Überwiegend sagten die Menschen, sie versuchten Selbstmord wegen unerträglicher psychischer Belastung, von der sie hoffnungslos waren, dass sie sich jemals verbessern würden. Die meisten hatten auch viele Jahre über Selbstmord nachgedacht.
Im Gegensatz zu den früheren Theorien zeigten sie keine größere Impulsivität als die allgemeine Bevölkerung und sagten wahrscheinlich nicht, dass der Versuch ein Hilferuf war.
Die Ergebnisse legen nahe, dass Maßnahmen wie das Anbringen von Netzen unter Brücken Selbstmord verhindern können, nicht weil sie einen impulsiven Selbstmordversuch vereiteln. Stattdessen verhindern solche Hindernisse Selbstmord für einige Minuten, Stunden oder Tage - gerade genug Zeit, damit sich die mentalen Zustände der Menschen schrittweise verbessern können, bis sie den Schmerz etwas länger ertragen und möglicherweise Hilfe bekommen können, sagte Klonsky.
Furchtlosigkeit
Es kann jedoch noch mehr geben, diejenigen, die an Selbstmord denken, von denen zu unterscheiden, die es versuchen.
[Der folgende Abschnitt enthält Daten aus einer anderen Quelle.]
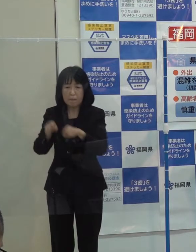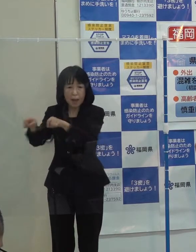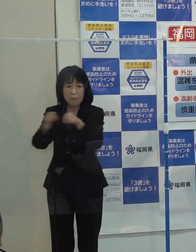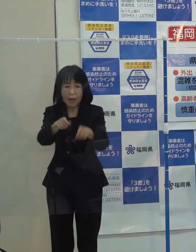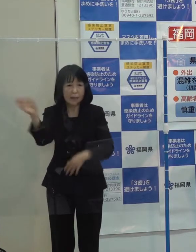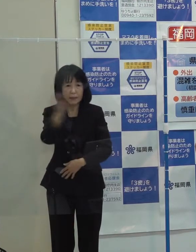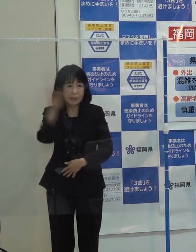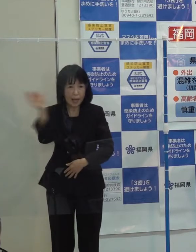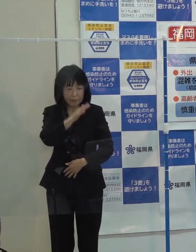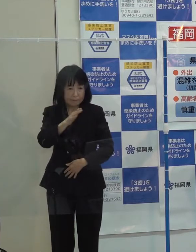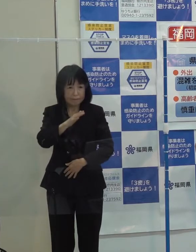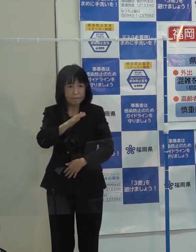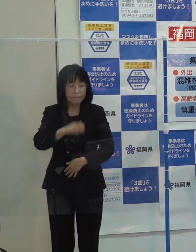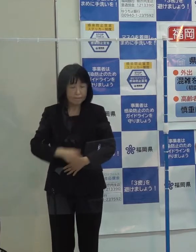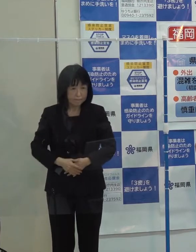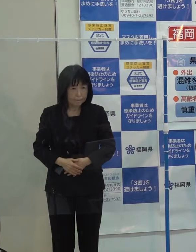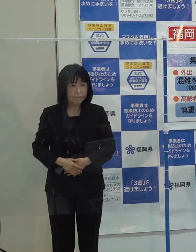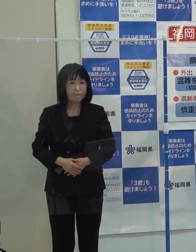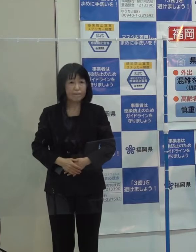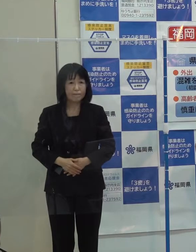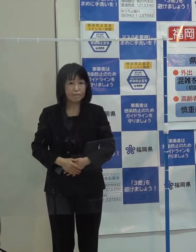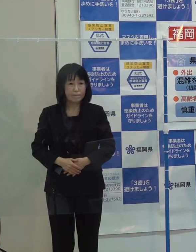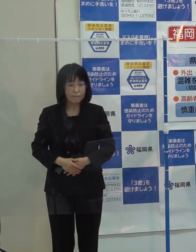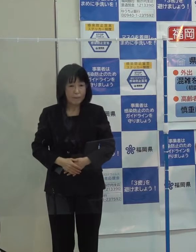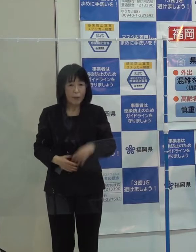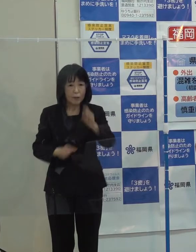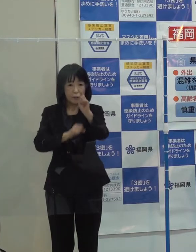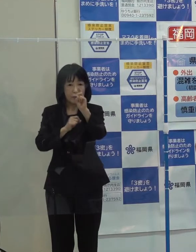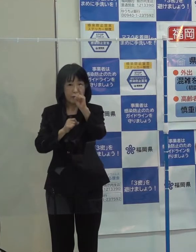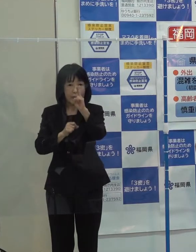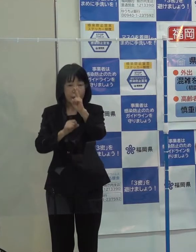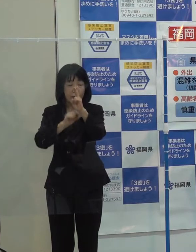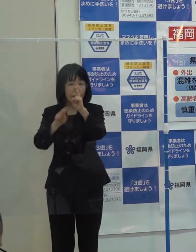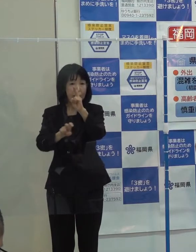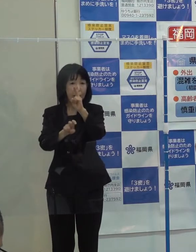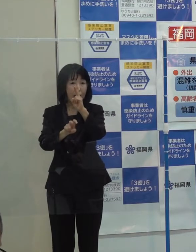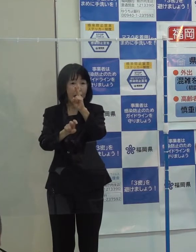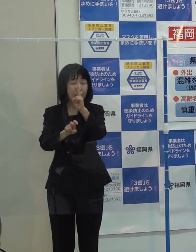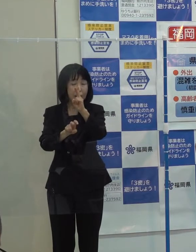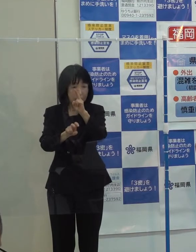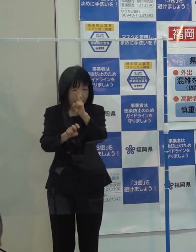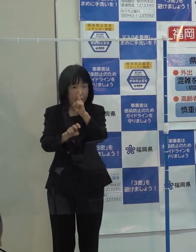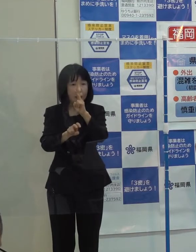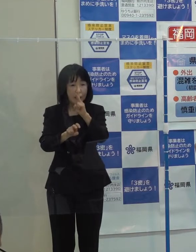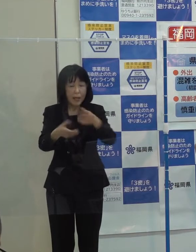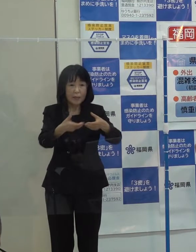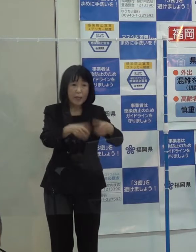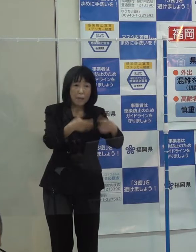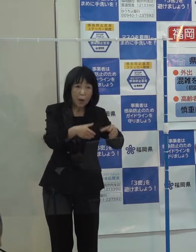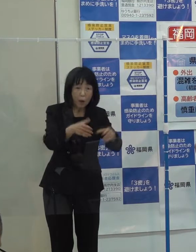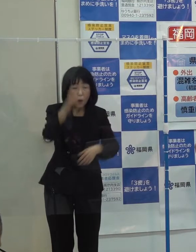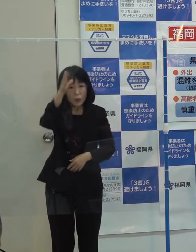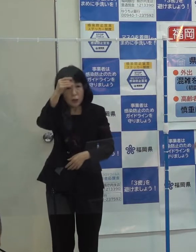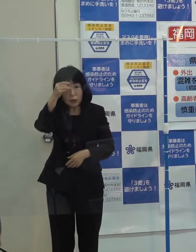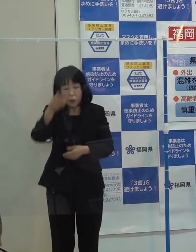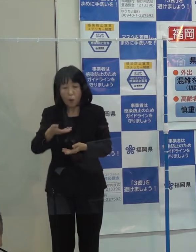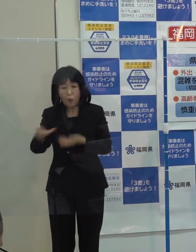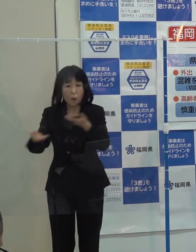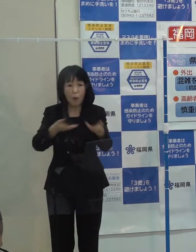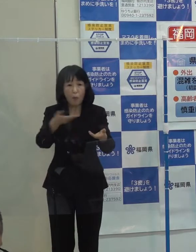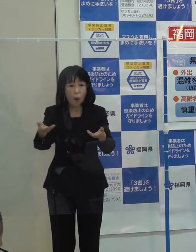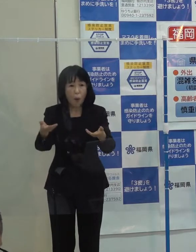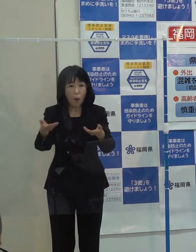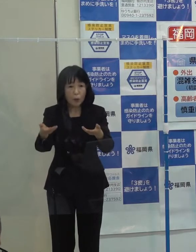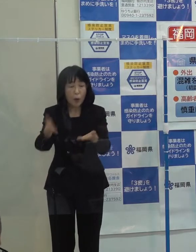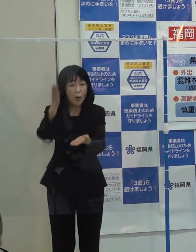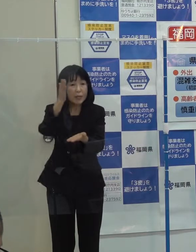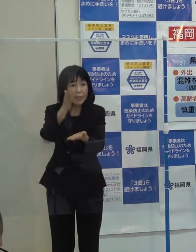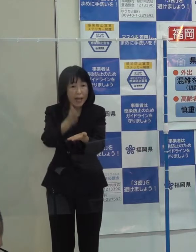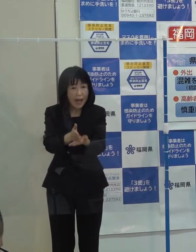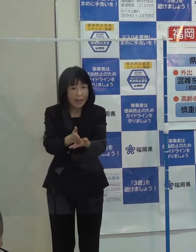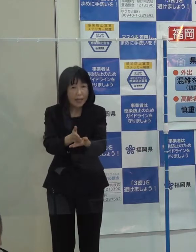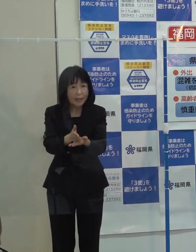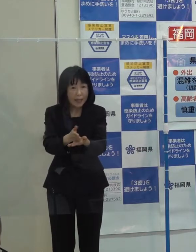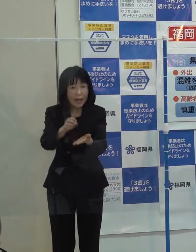１２月２０日に 卵や鶏の移動制限区域は全て解除され 全ての防疫措置が完了したところです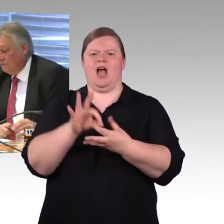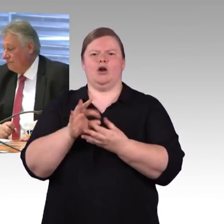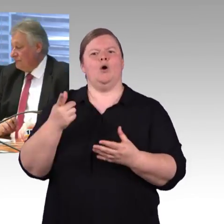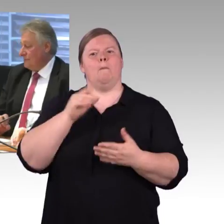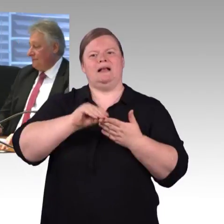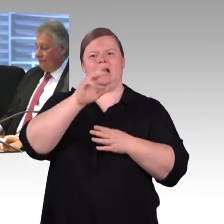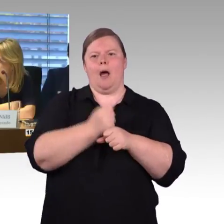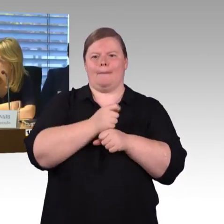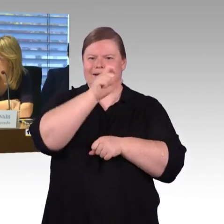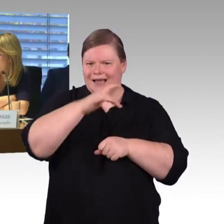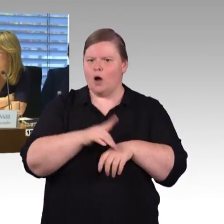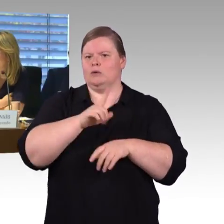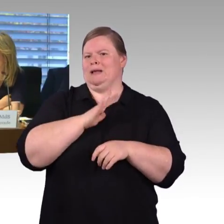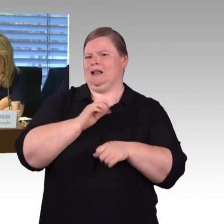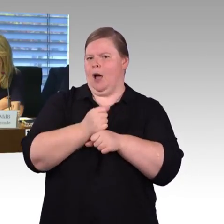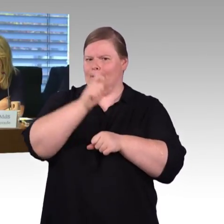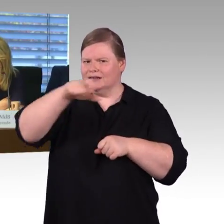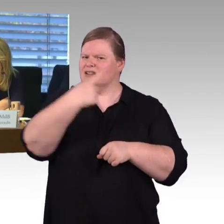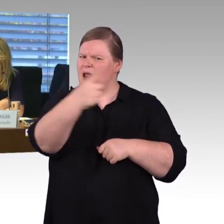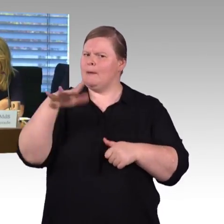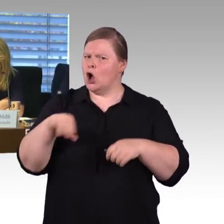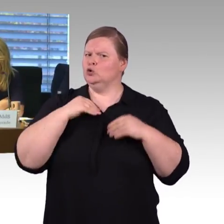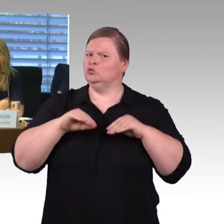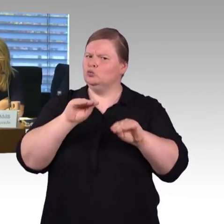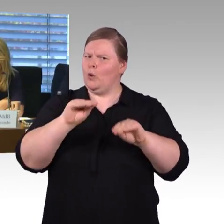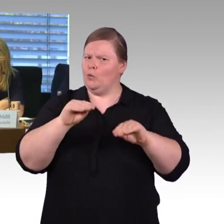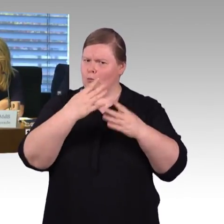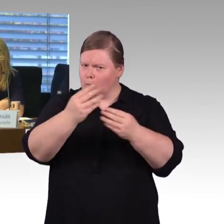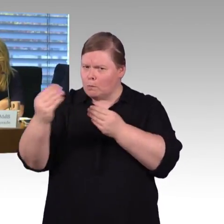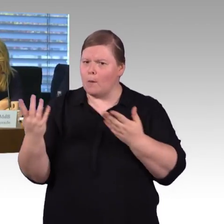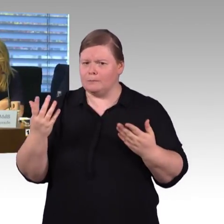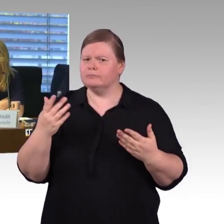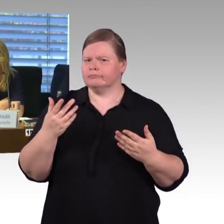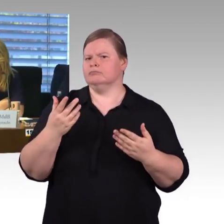(Rednerwechsel) Vielen Dank, Kollege Herbst. (Rednerwechsel) Eine kleine Frage, ich glaube, Herr Schwarz hatte es angesprochen,

Andere Untersuchungen haben gezeigt, dass Menschen mit Depressionen, die keinen Selbstmord versuchen, genauso unglücklich und hoffnungslos sind, aber mehr Angst vor der Idee haben als diejenigen, die Versuche unternehmen.
"Alles an unserer Biologie ist es, Schmerzen zu vermeiden, Verletzungen zu vermeiden, den Tod zu vermeiden", sagte Klonsky gegenüber LiveScience. "Selbst Menschen, die sich glücklicherweise selbstmordgefährdet fühlen, haben es sehr schwer, tatsächlich einen Versuch zu unternehmen."
Aber Menschen, die Selbstmord versuchen, haben weniger Angst vor Schmerz und Tod. Menschen, die sich in der Vergangenheit selbst geschnitten haben, haben möglicherweise weniger Angst vor Selbstmordversuchen als Menschen, die dies nicht tun. Andere Untersuchungen haben gezeigt, dass die Gewöhnung an die Idee - indem man einfach oft darüber nachdenkt oder zum Beispiel über eine hohe Brücke geht, während man über Selbstmord nachdenkt - die Wahrscheinlichkeit erhöht, dass Menschen einen Versuch ausführen, sagte Klonsky.
Die neue Studie bietet auch ein Instrument, um diejenigen zu finden, die aufgrund von psychischer Belastung, Hoffnungslosigkeit und mangelnder Angst vor Schmerzen oder Tod gefährdet sind.
"Wir denken auch, dass ein Gefühl der Verbundenheit mit anderen - mit der Familie, mit der Gemeinschaft, mit Freunden - ein wichtiger Schutzfaktor ist, der die Menschen an das Leben gebunden hält und leben will, selbst wenn sie die Hoffnungslosigkeit oder den Schmerz haben", sagte Klonsky.